In a 2006 open letter to new immigrants, Jewish Agency Chairman Ze'ev Bielsky wrote that "the decision to make aliyah is a complicated personal decision. However, in these times it takes on a special meaning of national importance… The best answer to terrorism is not military but in aliyah to Israel." But--as evidenced by the five snapshots--Bielsky's heroic, ideological conception of aliyah only goes so far in explaining the decision to move to Israel.
Aliyah in the Twenty-first Century
In 2010, over 19,000 people made aliyah, up from 16,465 the year before. The biggest group of olim or immigrants--40% of the total--came from the former Soviet Union, eastern Europe, and Germany. 1,650 olim were Ethiopians. France supplied 2,040 immigrants, while North Americans accounted for 3,980 arrivals. 1,470 South Americans made aliyah in 2010, including 380 Argentineans. 760 olim made their way from Britain, and 260 arrived from Australia and New Zealand.
While these figures seem impressive--especially in light of Israel's precarious security and economic situation--they pale alongside statistics from recent years.
During the 1980s, immigration to Israel had averaged just over 15,000 a year. Then in 1990, following the collapse of Communism in the Soviet Union, this figure jumped to 199,516, dropping only slightly to 176,100 in 1991. During the '90s, Israel absorbed an average of 95,000 immigrants every year.
Push and Pull Factors
Israel's volatile aliyah rate fluctuates in response to push and pull factors. The 1990's post-Soviet olim initially responded to glasnost and the lifting of travel restrictions for Russian Jews, but were ultimately propelled out of the former USSR by political instability--accompanied by the rise of anti-Semitic ultra-nationalism--and economic collapse. In the 1990's, Israel was an attractive destination: it was coasting on a high-tech boom and, after the Oslo accords, enjoying what it hoped were the first glimmerings of peace with the Palestinians. Some immigrants saw Israel as a convenient staging post before traveling on to their final destination: America. Yet the early waves of post-Soviet aliyah were also characterized by Jewish involvement and a desire to become part of Israeli society.
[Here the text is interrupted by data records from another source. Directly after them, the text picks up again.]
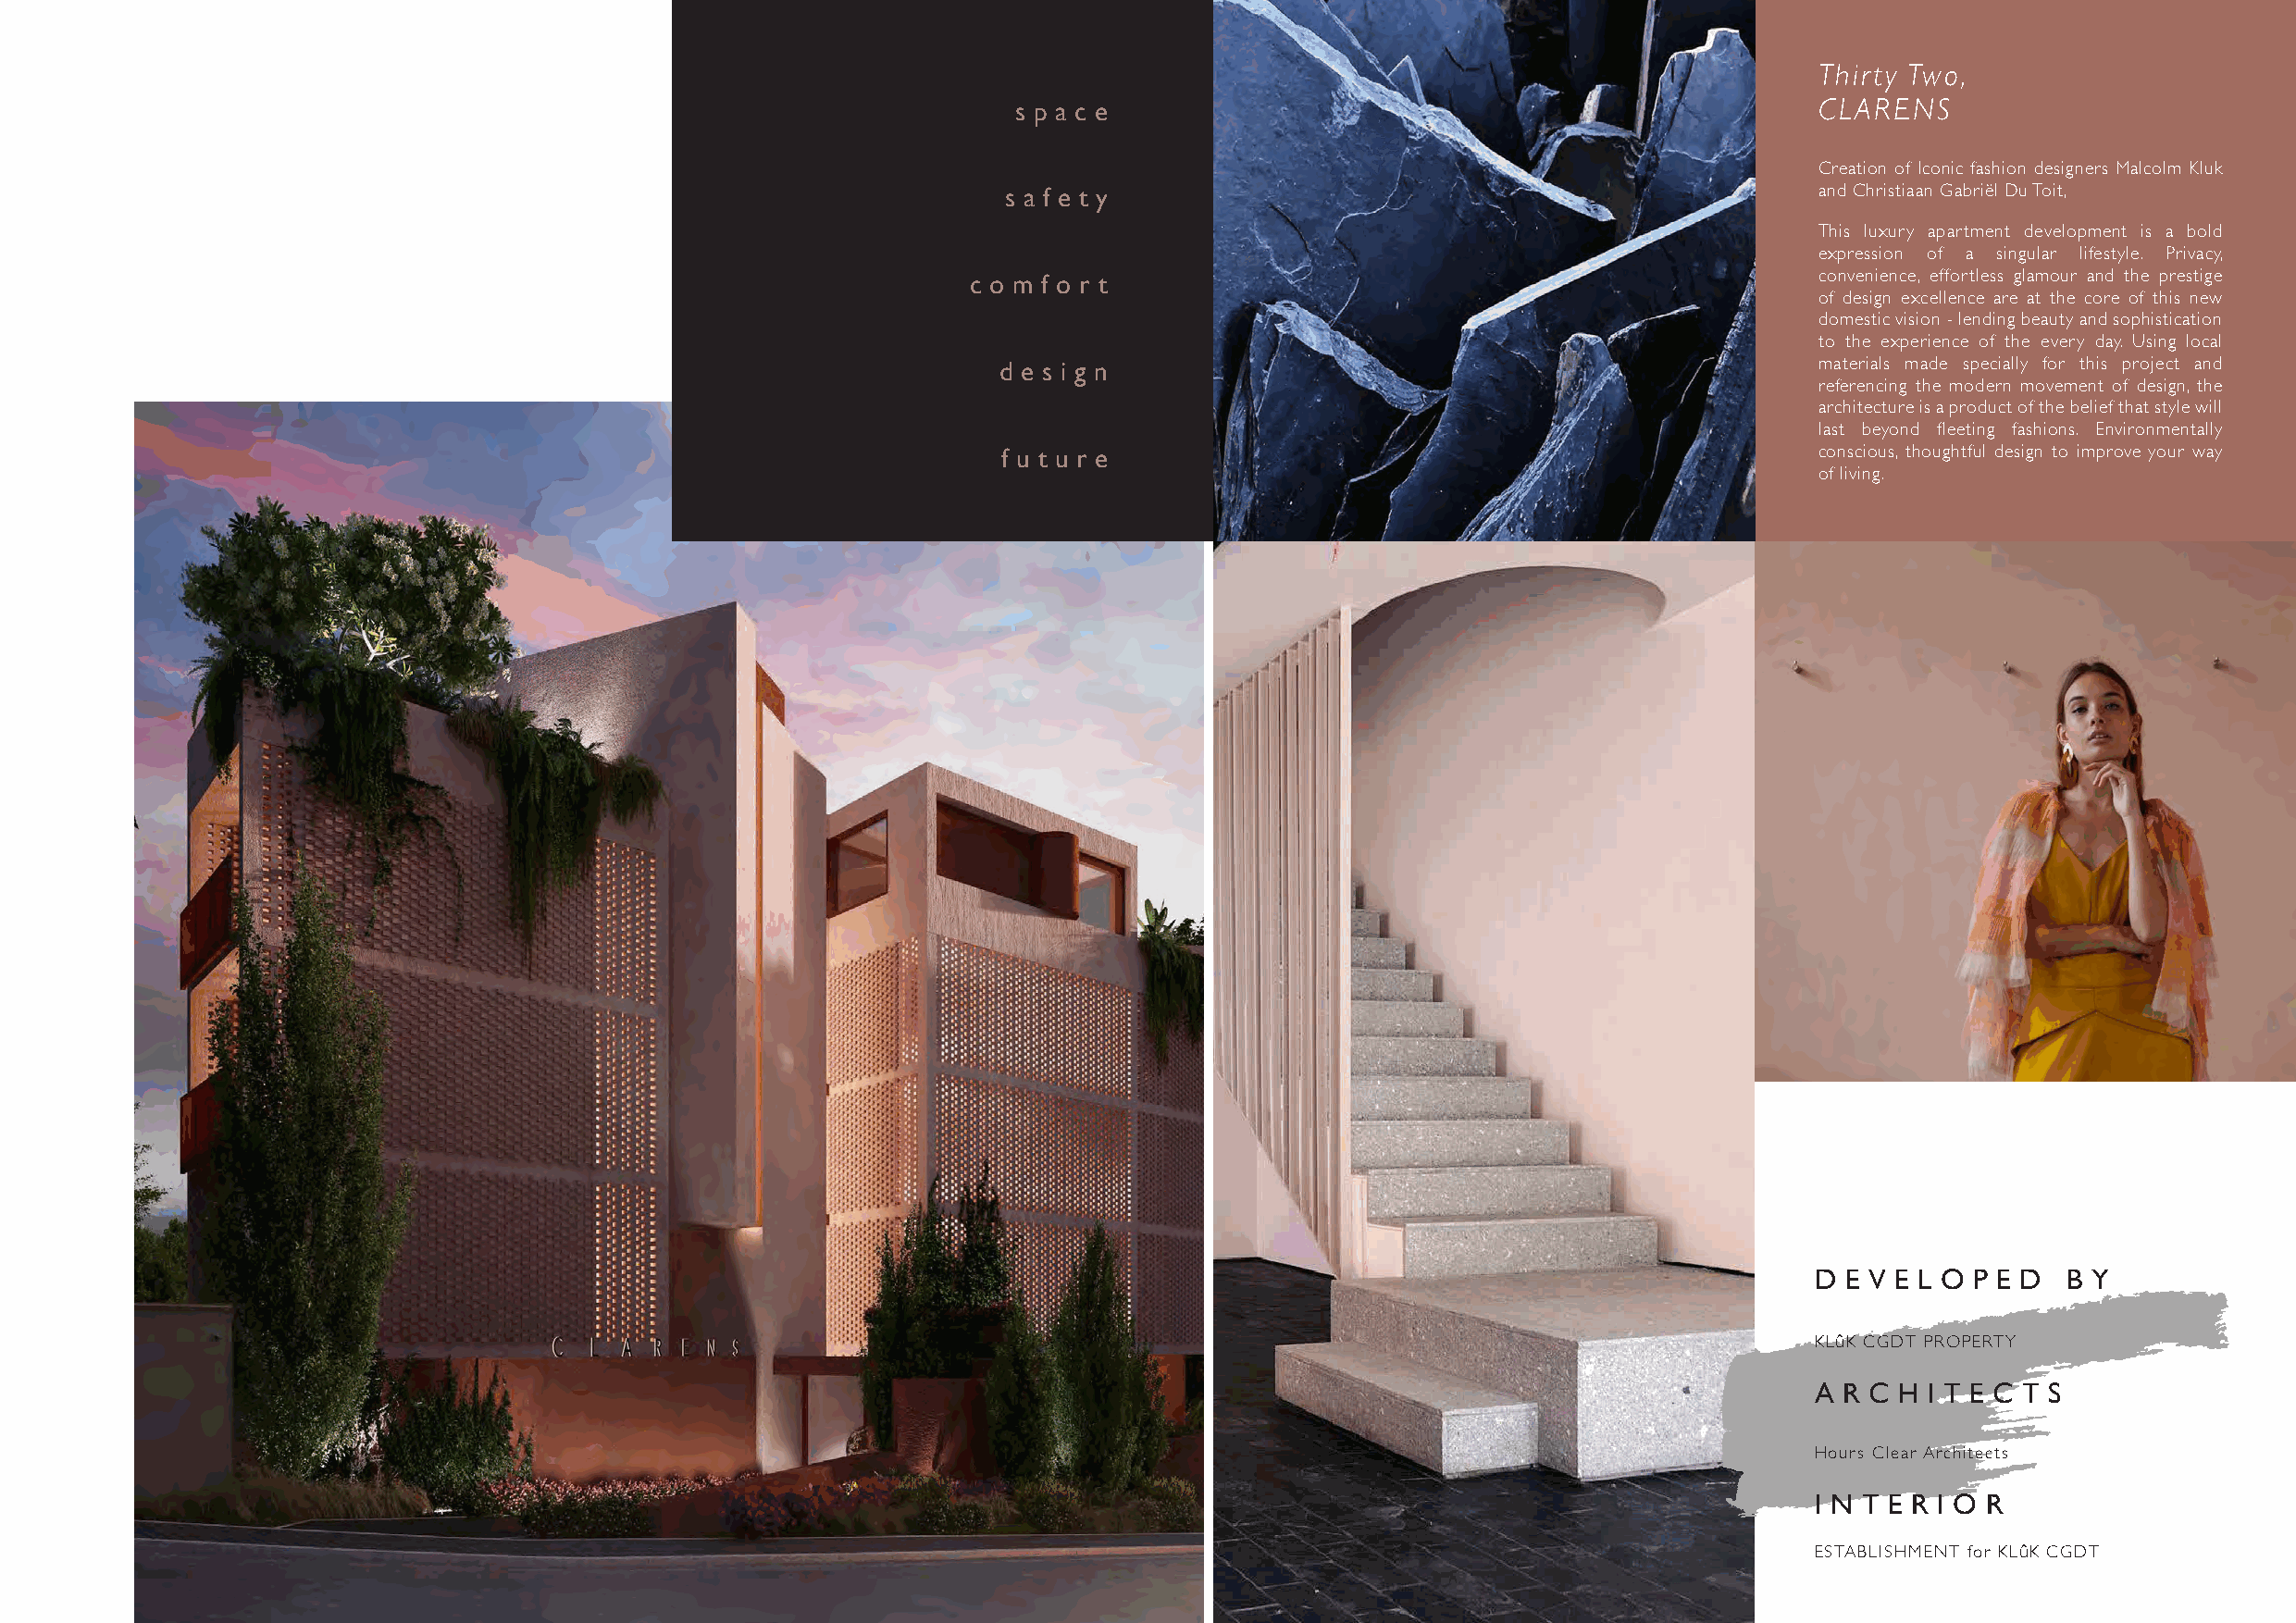
Thirty Two,
 s p a c e                                                CLARENS
 Creation of Iconic fashion designers Malcolm Kluk
 s a f e t y                                               and Christiaan Gabriël Du Toit,
 This luxury apartment development is a bold
 expression of a singular lifestyle. Privacy,
 c o m f o r t                                                convenience, effortless glamour and the prestige
 of design excellence are at the core of this new
 domestic vision - lending beauty and sophistication
 to the experience of the every day. Using local
 d e s i g n                                                materials made specially for this project and
 referencing the modern movement of design, the
 architecture is a product of the belief that style will
 last beyond fleeting fashions. Environmentally
 f u t u r e                                               conscious, thoughtful design to improve your way
 of living.
 D E V E L O P E D B Y
 KLûK CGDT PROPERTY
 A R C H I T E C T S
 Hours Clear Architects
 I N T E R I O R
 ESTABLISHMENT for KLûK CGDT
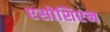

Parallel to the immigration wave from the former Soviet Union was a much smaller aliyah from Ethiopia. In Operation Moses (1984), 8,000 Ethiopian Jews crossed the Sudanese desert on foot before being secretly airlifted to Israel. Six years later, in 1991, most remaining members of the Ethiopian community--about 14,000--were transported to Israel over one weekend in the course of Operation Solomon. The Ethiopians were motivated by the need to escape from famine and civil war, but also by their belief in the biblical prophecies of the Israelites' return to Jerusalem.
The recent Argentinean aliyah was prompted by that country's economic collapse. Argentinean Jews were fleeing unemployment and the threat of hunger. In 2002, 5,931 Argentineans made aliyah. As the crisis subsided, emigration to Israel dropped off: to 1,473 in 2003 and only 458 in 2004.